[jira] [Updated] (FLINK-36164) JdbcIncrementalSource CheckPoint Timeout Due to Retrieving Schemas for All Subpartitions When Synchronizing a Partitioned PostgreSQL Table

tchivs (Jira) Tue, 27 Aug 2024 20:29:09 -0700


     [ 
https://issues.apache.org/jira/browse/FLINK-36164?page=com.atlassian.jira.plugin.system.issuetabpanels:all-tabpanel
 ]


tchivs updated FLINK-36164:
---------------------------
    Attachment: image-2024-08-28-11-28-21-496.png

> JdbcIncrementalSource CheckPoint Timeout Due to Retrieving Schemas for All 
> Subpartitions When Synchronizing a Partitioned PostgreSQL Table
> ------------------------------------------------------------------------------------------------------------------------------------------
>
>                 Key: FLINK-36164
>                 URL: https://issues.apache.org/jira/browse/FLINK-36164
>             Project: Flink
>          Issue Type: Improvement
>          Components: Flink CDC
>    Affects Versions: cdc-3.1.1
>            Reporter: tchivs
>            Priority: Major
>         Attachments: image-2024-08-28-11-28-21-496.png, 
> image-2024-08-28-11-28-33-016.png
>
>
> What's Wrong?
> When synchronizing a PostgreSQL table using a connector, if the table 
> contains a large number of partitions, the checkpoint always fails. By 
> tracing the source code, it was found that the PostgresDialect's 
> queryTableSchema queries the schema of each table. This schema querying 
> during each checkpoint causes connection timeouts.
> {code:java}
> JdbcIncrementalSource<String> incrSource =
>         PostgresSourceBuilder.PostgresIncrementalSource.<String>builder()

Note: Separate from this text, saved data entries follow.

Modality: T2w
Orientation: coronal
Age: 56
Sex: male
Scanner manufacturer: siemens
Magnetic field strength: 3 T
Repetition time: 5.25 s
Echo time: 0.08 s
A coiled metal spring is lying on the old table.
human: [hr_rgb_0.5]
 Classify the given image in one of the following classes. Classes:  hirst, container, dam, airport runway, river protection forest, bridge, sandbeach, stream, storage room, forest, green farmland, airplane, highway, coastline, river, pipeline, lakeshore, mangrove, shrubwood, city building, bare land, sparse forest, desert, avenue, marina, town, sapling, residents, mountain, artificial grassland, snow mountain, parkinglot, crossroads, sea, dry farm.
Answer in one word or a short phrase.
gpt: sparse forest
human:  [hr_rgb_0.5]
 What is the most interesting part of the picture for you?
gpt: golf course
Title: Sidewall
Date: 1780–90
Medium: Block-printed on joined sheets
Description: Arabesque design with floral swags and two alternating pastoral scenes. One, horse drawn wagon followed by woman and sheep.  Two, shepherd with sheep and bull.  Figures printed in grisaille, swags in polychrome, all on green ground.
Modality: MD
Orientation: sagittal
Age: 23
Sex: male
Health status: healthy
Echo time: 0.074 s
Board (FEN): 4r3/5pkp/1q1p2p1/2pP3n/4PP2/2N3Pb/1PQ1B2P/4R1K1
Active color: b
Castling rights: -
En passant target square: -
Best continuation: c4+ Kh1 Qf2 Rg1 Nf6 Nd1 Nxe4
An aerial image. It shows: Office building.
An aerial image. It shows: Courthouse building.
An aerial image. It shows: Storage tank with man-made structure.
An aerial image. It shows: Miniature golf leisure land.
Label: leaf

>                 .hostname(hostname)
>                 .port(port)
>                 .database(databaseName)
>                 .schemaList(schemaName)
>                 .tableList(tableName)
>                 .username(username)
>                 .password(password)
>                 .deserializer(schema)
>                 .slotName(slotName)
>                 .decodingPluginName(config.get(DECODING_PLUGIN_NAME))

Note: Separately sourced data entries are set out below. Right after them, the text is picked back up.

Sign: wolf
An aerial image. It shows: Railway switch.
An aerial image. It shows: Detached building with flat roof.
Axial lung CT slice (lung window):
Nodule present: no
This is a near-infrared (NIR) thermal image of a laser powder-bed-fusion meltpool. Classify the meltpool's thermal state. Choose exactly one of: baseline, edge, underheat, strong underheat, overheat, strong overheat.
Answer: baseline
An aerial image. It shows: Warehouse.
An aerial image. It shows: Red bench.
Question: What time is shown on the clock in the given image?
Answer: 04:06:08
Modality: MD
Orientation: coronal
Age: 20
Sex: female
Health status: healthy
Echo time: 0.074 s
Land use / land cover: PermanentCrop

>                 .includeSchemaChanges(true)
>                 .debeziumProperties(debeziumProperties)
>                 .startupOptions(startupOptions)
>                 .splitSize(config.get(SCAN_INCREMENTAL_SNAPSHOT_CHUNK_SIZE))

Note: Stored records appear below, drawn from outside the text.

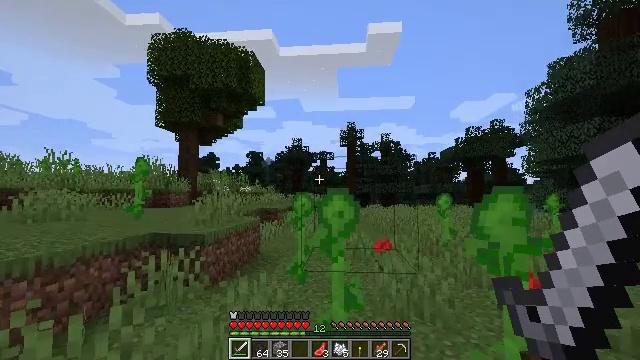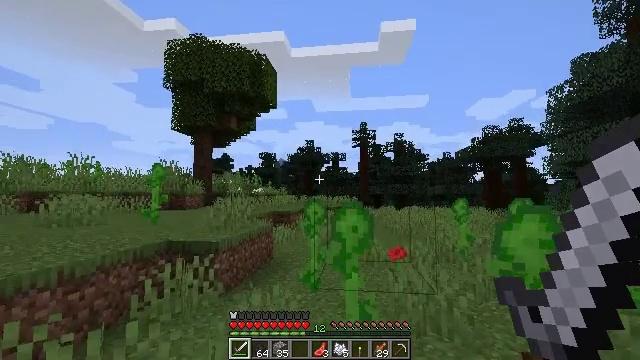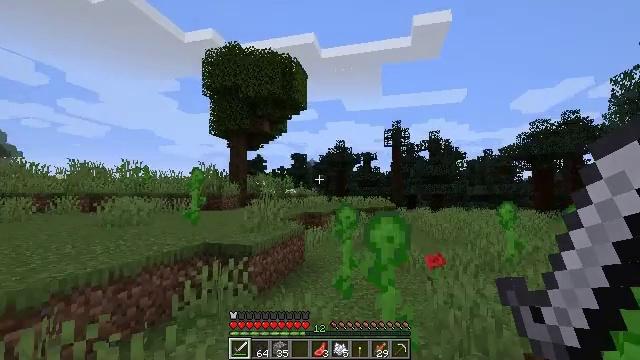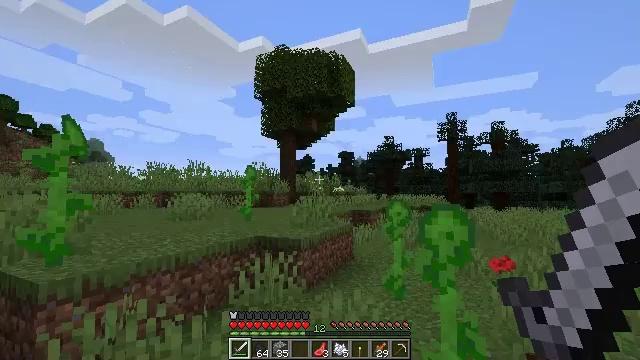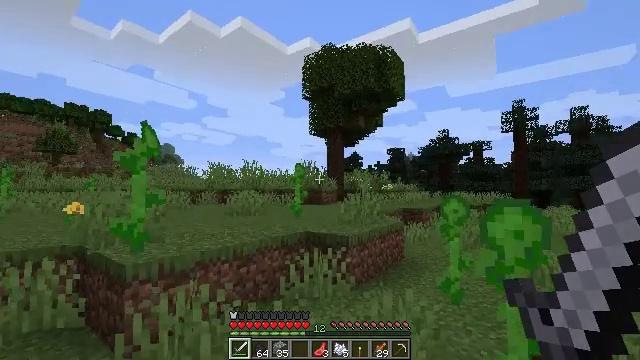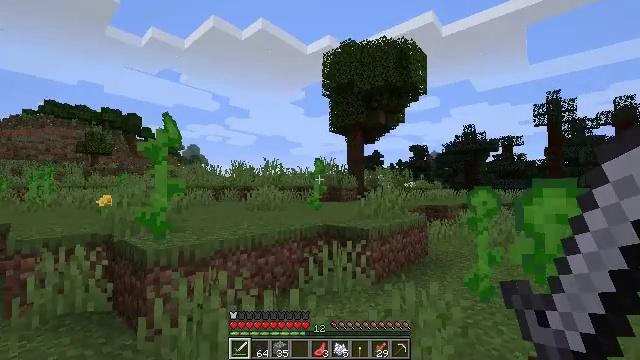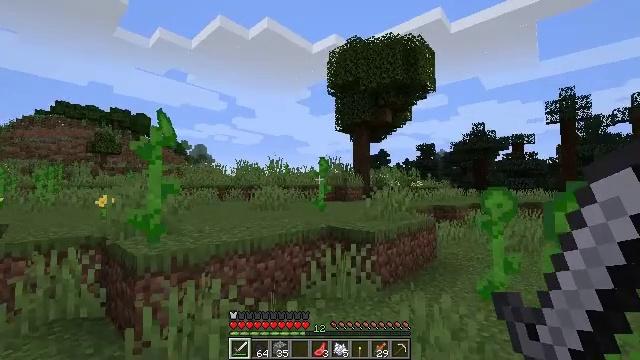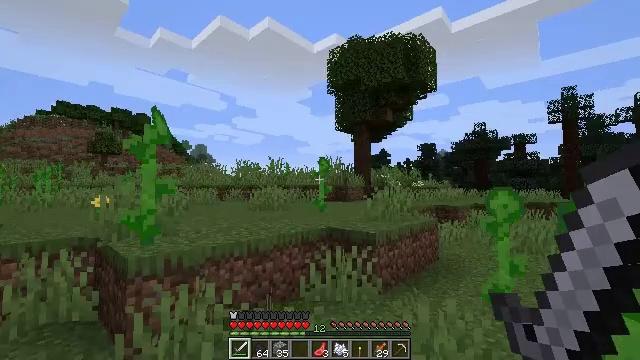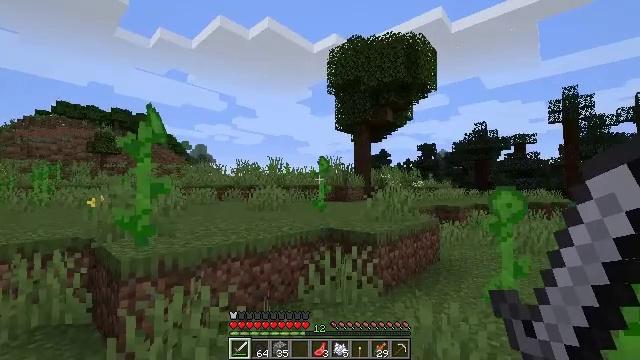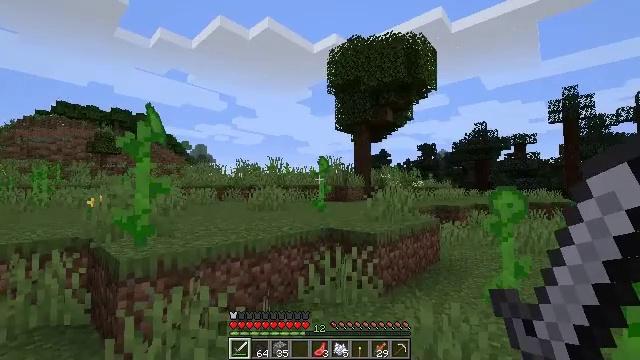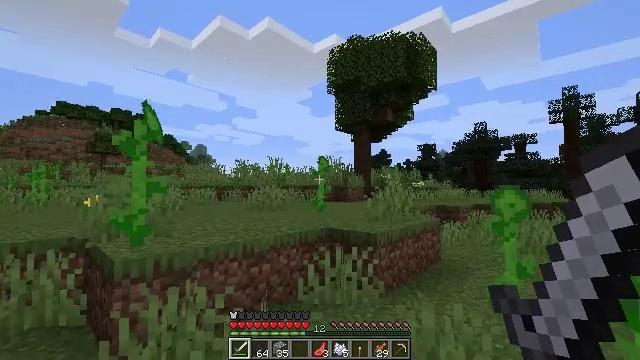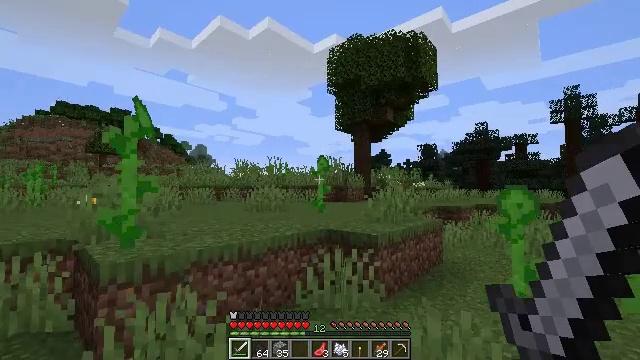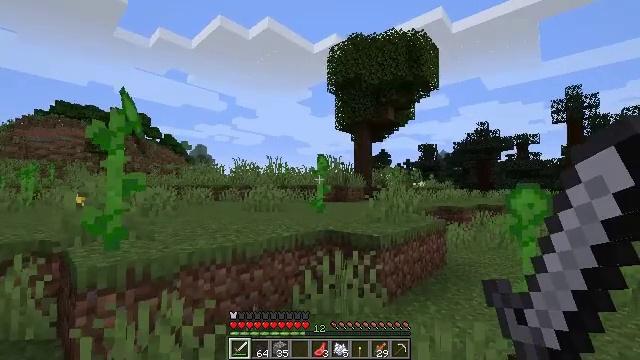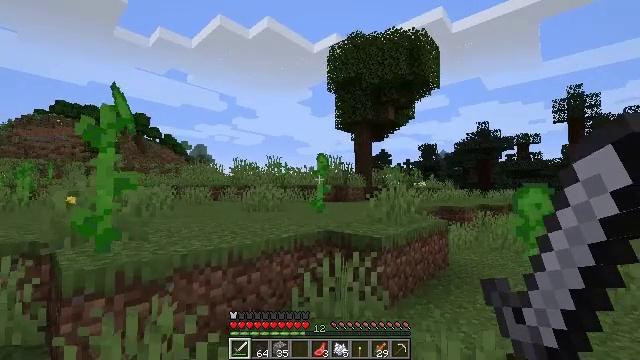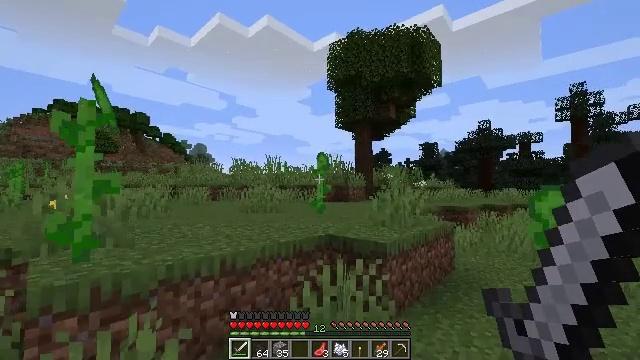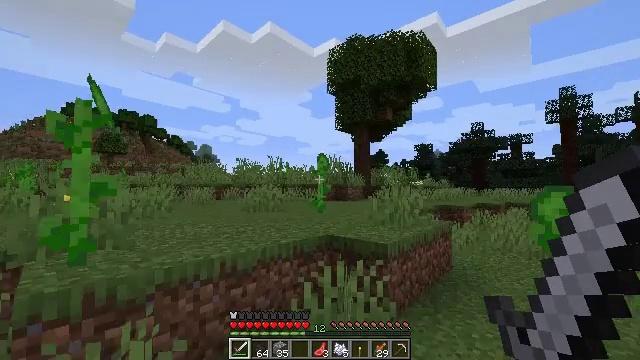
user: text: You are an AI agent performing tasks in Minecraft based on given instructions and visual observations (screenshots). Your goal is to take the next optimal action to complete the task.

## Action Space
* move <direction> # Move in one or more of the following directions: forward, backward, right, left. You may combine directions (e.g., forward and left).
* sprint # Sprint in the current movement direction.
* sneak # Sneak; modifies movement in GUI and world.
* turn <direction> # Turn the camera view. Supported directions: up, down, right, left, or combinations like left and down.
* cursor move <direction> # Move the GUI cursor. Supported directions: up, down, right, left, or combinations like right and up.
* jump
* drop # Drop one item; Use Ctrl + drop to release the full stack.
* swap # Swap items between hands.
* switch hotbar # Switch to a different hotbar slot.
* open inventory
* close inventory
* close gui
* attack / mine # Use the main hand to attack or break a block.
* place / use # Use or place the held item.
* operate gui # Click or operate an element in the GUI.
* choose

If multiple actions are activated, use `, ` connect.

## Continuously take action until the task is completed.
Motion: motion action
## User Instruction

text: Use the furnace to make cooked salmon.
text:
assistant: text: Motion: move forward, turn left, jump
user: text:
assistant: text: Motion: move forward, turn left, jump
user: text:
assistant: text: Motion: move forward, turn left, jump
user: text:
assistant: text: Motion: move forward, turn left, jump
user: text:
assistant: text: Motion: move forward, turn left, jump
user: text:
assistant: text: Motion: move forward, turn left
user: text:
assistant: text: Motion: no_op
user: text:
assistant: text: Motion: no_op
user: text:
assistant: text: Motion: no_op
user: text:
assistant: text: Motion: move forward
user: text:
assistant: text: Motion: move forward
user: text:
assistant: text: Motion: move forward
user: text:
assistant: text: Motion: no_op
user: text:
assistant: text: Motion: move forward
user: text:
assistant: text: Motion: move forward
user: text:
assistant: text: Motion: move forward
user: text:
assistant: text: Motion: move forward
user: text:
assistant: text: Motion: move forward
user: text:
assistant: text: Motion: move forward
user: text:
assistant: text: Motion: move forward, jump
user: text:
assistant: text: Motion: move forward, jump
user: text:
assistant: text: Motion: move forward, jump
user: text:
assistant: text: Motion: move forward, jump
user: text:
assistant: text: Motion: move forward, jump
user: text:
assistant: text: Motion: move forward, jump
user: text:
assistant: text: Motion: move forward, jump
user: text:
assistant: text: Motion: move forward, jump
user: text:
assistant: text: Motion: move forward, jump
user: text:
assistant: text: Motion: move forward, jump
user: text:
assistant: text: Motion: move forward, jump

>                 .splitMetaGroupSize(config.get(CHUNK_META_GROUP_SIZE))
>                 .fetchSize(config.get(SCAN_SNAPSHOT_FETCH_SIZE))
>                 .connectTimeout(config.get(CONNECT_TIMEOUT))
>                 .connectionPoolSize(config.get(CONNECTION_POOL_SIZE))
>                 .connectMaxRetries(config.get(CONNECT_MAX_RETRIES))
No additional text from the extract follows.